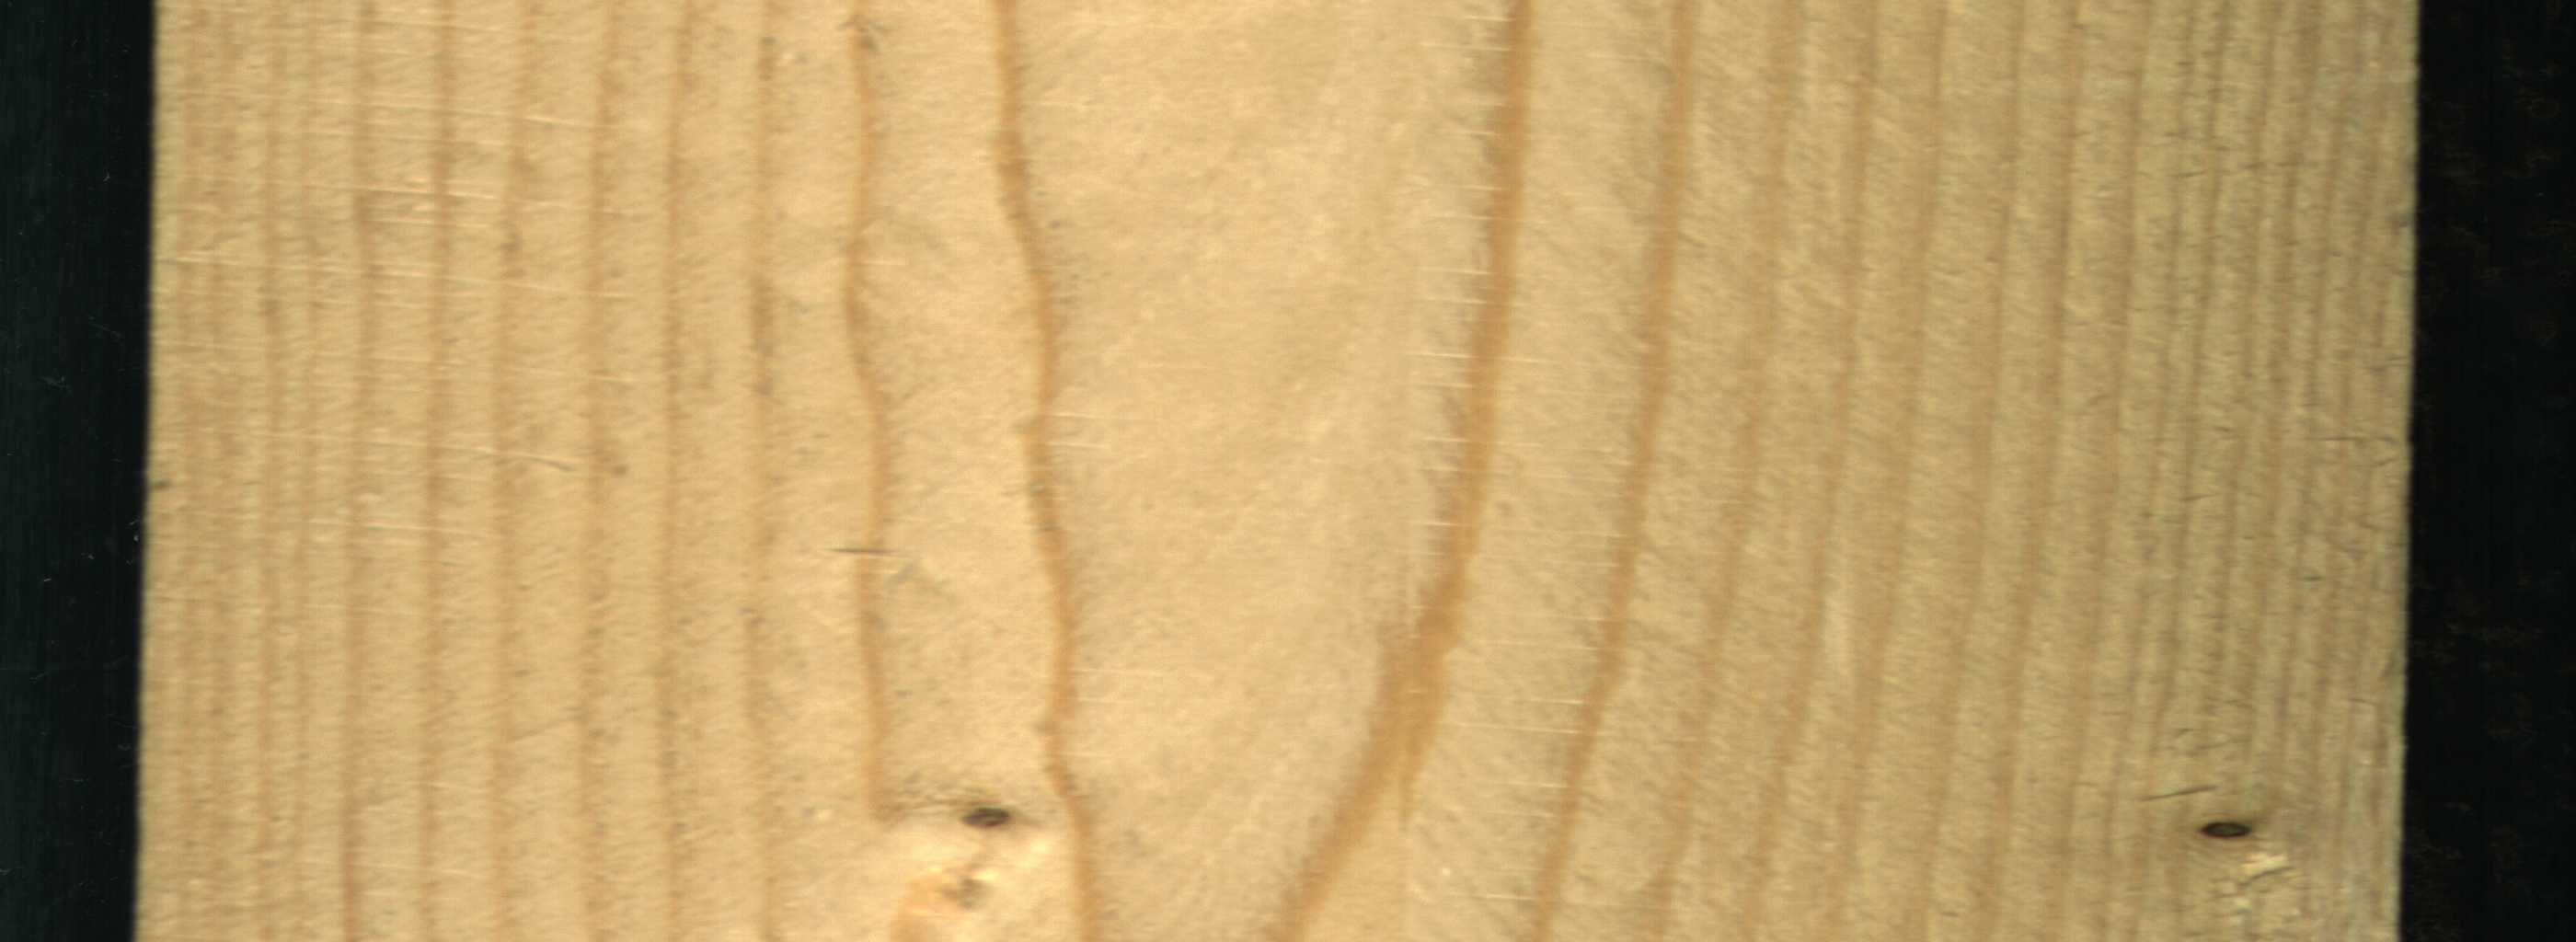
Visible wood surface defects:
Dead_Knot
Live_Knot
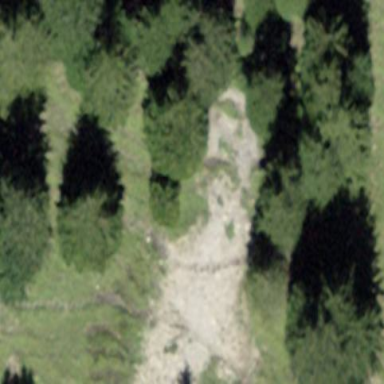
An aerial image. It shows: Natural scree.
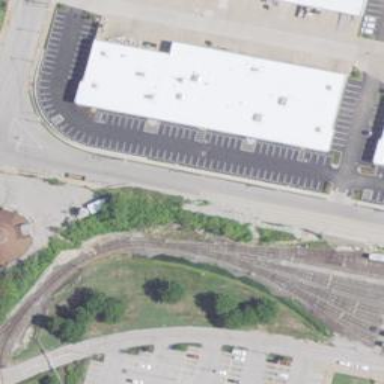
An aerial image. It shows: Light rail service yard with electrified contact lines.
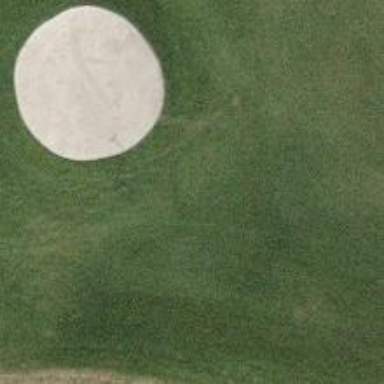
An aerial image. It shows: Golf bunker filled with sandy terrain.
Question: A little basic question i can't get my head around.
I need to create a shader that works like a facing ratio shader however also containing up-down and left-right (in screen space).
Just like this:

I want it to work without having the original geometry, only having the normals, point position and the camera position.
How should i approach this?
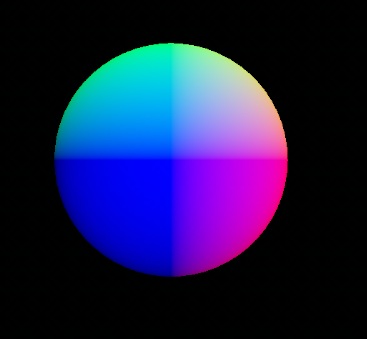
Answer: Here's your shader:
'''
#pragma vertex vert
#pragma fragment frag
#pragma fragmentoption ARB_precision_hint_fastest
#include "UnityCG.cginc"
struct app2vert
{
float4 position: POSITION;
float3 normal: NORMAL;
};
struct vert2frag
{
float4 position: POSITION;
float3 normal: TEXCOORD0;
};
vert2frag vert(app2vert input)
{
vert2frag output;
output.position = mul(UNITY_MATRIX_MVP, input.position);
output.normal = mul((float3x3)UNITY_MATRIX_IT_MV, input.normal);
return output;
}
float4 frag(vert2frag input) : COLOR
{
float3 normal = normalize(input.normal);
float4 output = fixed4(normal.x, normal.y, normal.z, 1.0f);
return output;
}
'''
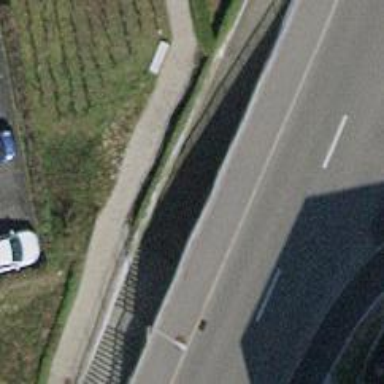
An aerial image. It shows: Road with steps.
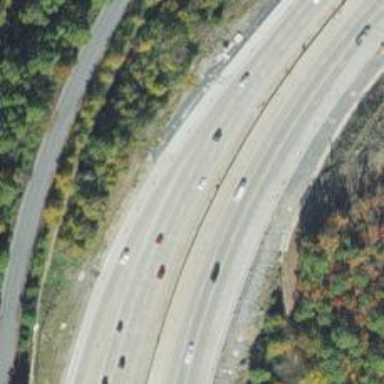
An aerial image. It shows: Motorway.
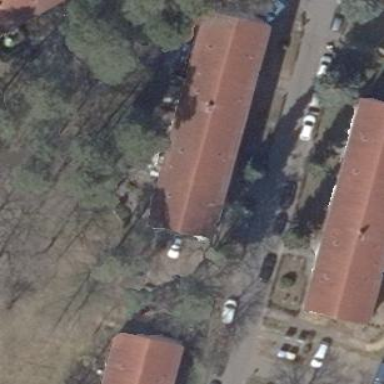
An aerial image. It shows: Gabled roof adorns the apartments building.
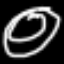
Label: donut
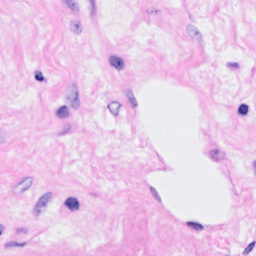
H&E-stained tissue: Breast
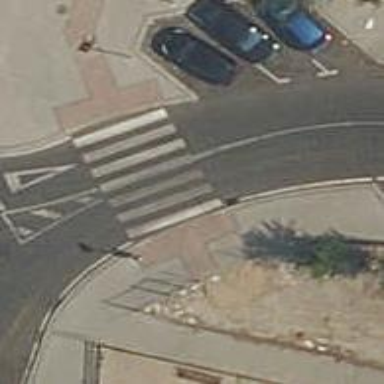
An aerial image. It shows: Uncontrolled zebra crossing on the road.
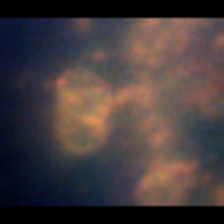
Taxon: Unknown_full_image
Group: Unknown
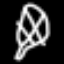
Label: leaf
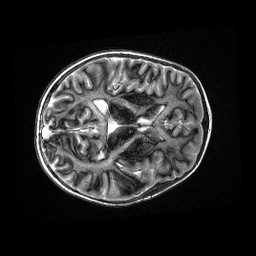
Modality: MP2RAGE
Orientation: axial
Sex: female
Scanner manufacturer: siemens
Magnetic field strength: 3 T
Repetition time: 5 s
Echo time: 0.00355 s
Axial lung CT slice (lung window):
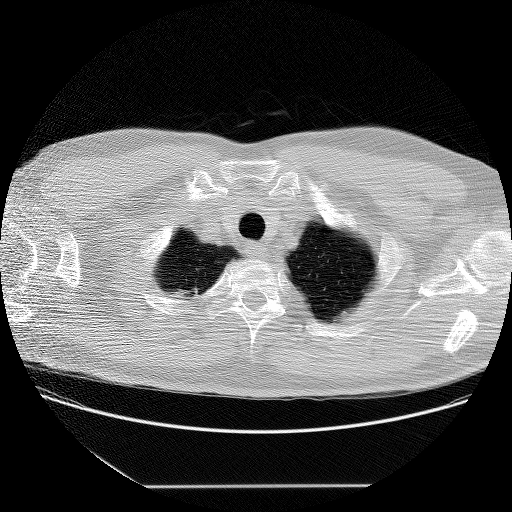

**Requirement**
Copy the listing above exactly, but only from the line with "An aerial image. It shows: Uncontrolled" through the line with "Echo time: 0.00355 s", including those two lines and excluding any picture.

**Your solution**
An aerial image. It shows: Uncontrolled zebra crossing on the road.
Taxon: Unknown_full_image
Group: Unknown
Label: leaf
Modality: MP2RAGE
Orientation: axial
Sex: female
Scanner manufacturer: siemens
Magnetic field strength: 3 T
Repetition time: 5 s
Echo time: 0.00355 s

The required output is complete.